[Data excerpts]
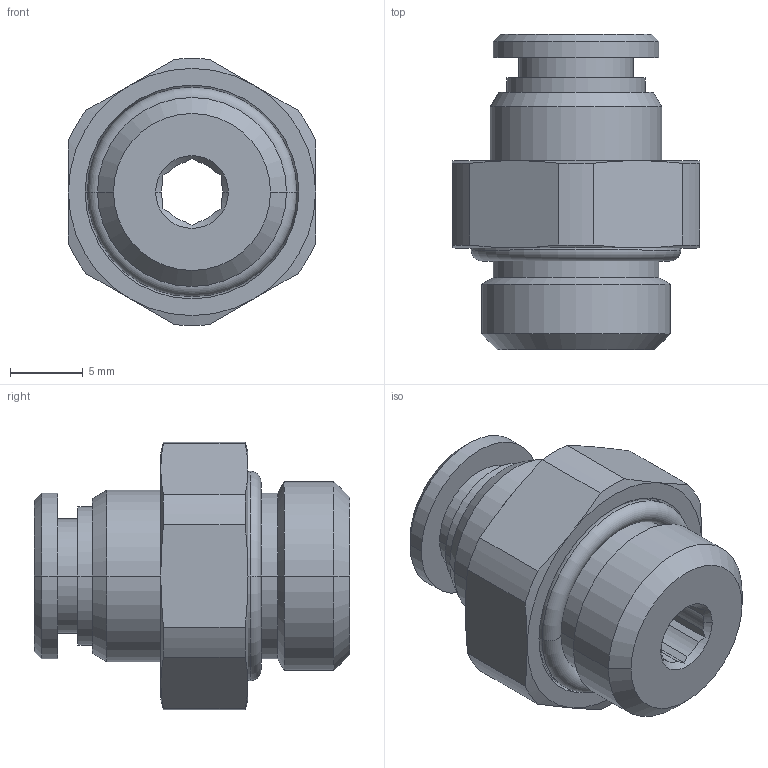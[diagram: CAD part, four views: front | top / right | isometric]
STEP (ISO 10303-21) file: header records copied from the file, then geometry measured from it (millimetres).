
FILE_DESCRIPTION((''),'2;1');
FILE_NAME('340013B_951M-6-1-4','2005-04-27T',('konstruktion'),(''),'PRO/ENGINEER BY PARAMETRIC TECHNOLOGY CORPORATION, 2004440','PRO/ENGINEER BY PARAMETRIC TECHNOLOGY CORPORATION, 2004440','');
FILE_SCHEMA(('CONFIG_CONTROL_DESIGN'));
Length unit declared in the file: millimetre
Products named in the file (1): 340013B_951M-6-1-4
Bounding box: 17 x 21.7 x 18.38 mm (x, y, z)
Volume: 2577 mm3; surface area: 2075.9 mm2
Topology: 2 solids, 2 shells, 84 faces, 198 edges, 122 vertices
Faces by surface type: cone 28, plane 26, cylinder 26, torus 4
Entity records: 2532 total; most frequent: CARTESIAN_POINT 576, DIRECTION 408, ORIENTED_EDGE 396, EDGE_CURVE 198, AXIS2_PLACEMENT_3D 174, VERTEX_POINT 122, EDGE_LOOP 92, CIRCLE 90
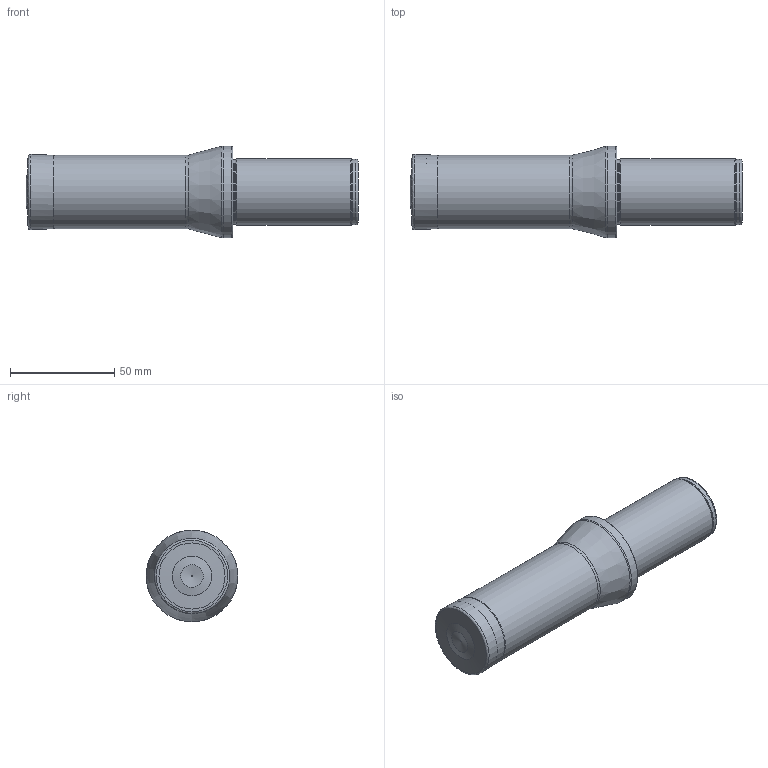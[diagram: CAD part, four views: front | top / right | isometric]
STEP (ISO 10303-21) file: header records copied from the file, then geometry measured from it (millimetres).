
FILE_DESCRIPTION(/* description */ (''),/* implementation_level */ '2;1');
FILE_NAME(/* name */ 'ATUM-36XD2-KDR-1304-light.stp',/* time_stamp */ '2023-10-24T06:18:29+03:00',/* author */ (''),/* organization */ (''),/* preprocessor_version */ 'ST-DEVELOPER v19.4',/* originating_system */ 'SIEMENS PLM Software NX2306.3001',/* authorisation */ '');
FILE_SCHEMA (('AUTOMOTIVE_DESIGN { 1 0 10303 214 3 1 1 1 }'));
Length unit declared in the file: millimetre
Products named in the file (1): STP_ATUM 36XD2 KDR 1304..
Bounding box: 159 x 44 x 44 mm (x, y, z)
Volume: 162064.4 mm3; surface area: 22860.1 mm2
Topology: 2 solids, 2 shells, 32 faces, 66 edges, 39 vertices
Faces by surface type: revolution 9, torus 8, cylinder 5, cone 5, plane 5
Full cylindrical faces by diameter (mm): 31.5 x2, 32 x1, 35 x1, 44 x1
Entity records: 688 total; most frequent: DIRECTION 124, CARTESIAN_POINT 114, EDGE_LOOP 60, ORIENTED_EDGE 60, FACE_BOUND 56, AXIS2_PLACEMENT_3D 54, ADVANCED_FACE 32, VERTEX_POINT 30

# PROBLEM:
The entries above must be restated exactly in the answer, and the pictures left out.

# RESULT OF THE EXERCISE:
[diagram: CAD part, four views: front | top / right | isometric]
STEP (ISO 10303-21) file: header records copied from the file, then geometry measured from it (millimetres).
FILE_DESCRIPTION((''),'2;1');
FILE_NAME('340013B_951M-6-1-4','2005-04-27T',('konstruktion'),(''),'PRO/ENGINEER BY PARAMETRIC TECHNOLOGY CORPORATION, 2004440','PRO/ENGINEER BY PARAMETRIC TECHNOLOGY CORPORATION, 2004440','');
FILE_SCHEMA(('CONFIG_CONTROL_DESIGN'));
Length unit declared in the file: millimetre
Products named in the file (1): 340013B_951M-6-1-4
Bounding box: 17 x 21.7 x 18.38 mm (x, y, z)
Volume: 2577 mm3; surface area: 2075.9 mm2
Topology: 2 solids, 2 shells, 84 faces, 198 edges, 122 vertices
Faces by surface type: cone 28, plane 26, cylinder 26, torus 4
Entity records: 2532 total; most frequent: CARTESIAN_POINT 576, DIRECTION 408, ORIENTED_EDGE 396, EDGE_CURVE 198, AXIS2_PLACEMENT_3D 174, VERTEX_POINT 122, EDGE_LOOP 92, CIRCLE 90
[diagram: CAD part, four views: front | top / right | isometric]
STEP (ISO 10303-21) file: header records copied from the file, then geometry measured from it (millimetres).
FILE_DESCRIPTION(/* description */ (''),/* implementation_level */ '2;1');
FILE_NAME(/* name */ 'ATUM-36XD2-KDR-1304-light.stp',/* time_stamp */ '2023-10-24T06:18:29+03:00',/* author */ (''),/* organization */ (''),/* preprocessor_version */ 'ST-DEVELOPER v19.4',/* originating_system */ 'SIEMENS PLM Software NX2306.3001',/* authorisation */ '');
FILE_SCHEMA (('AUTOMOTIVE_DESIGN { 1 0 10303 214 3 1 1 1 }'));
Length unit declared in the file: millimetre
Products named in the file (1): STP_ATUM 36XD2 KDR 1304..
Bounding box: 159 x 44 x 44 mm (x, y, z)
Volume: 162064.4 mm3; surface area: 22860.1 mm2
Topology: 2 solids, 2 shells, 32 faces, 66 edges, 39 vertices
Faces by surface type: revolution 9, torus 8, cylinder 5, cone 5, plane 5
Full cylindrical faces by diameter (mm): 31.5 x2, 32 x1, 35 x1, 44 x1
Entity records: 688 total; most frequent: DIRECTION 124, CARTESIAN_POINT 114, EDGE_LOOP 60, ORIENTED_EDGE 60, FACE_BOUND 56, AXIS2_PLACEMENT_3D 54, ADVANCED_FACE 32, VERTEX_POINT 30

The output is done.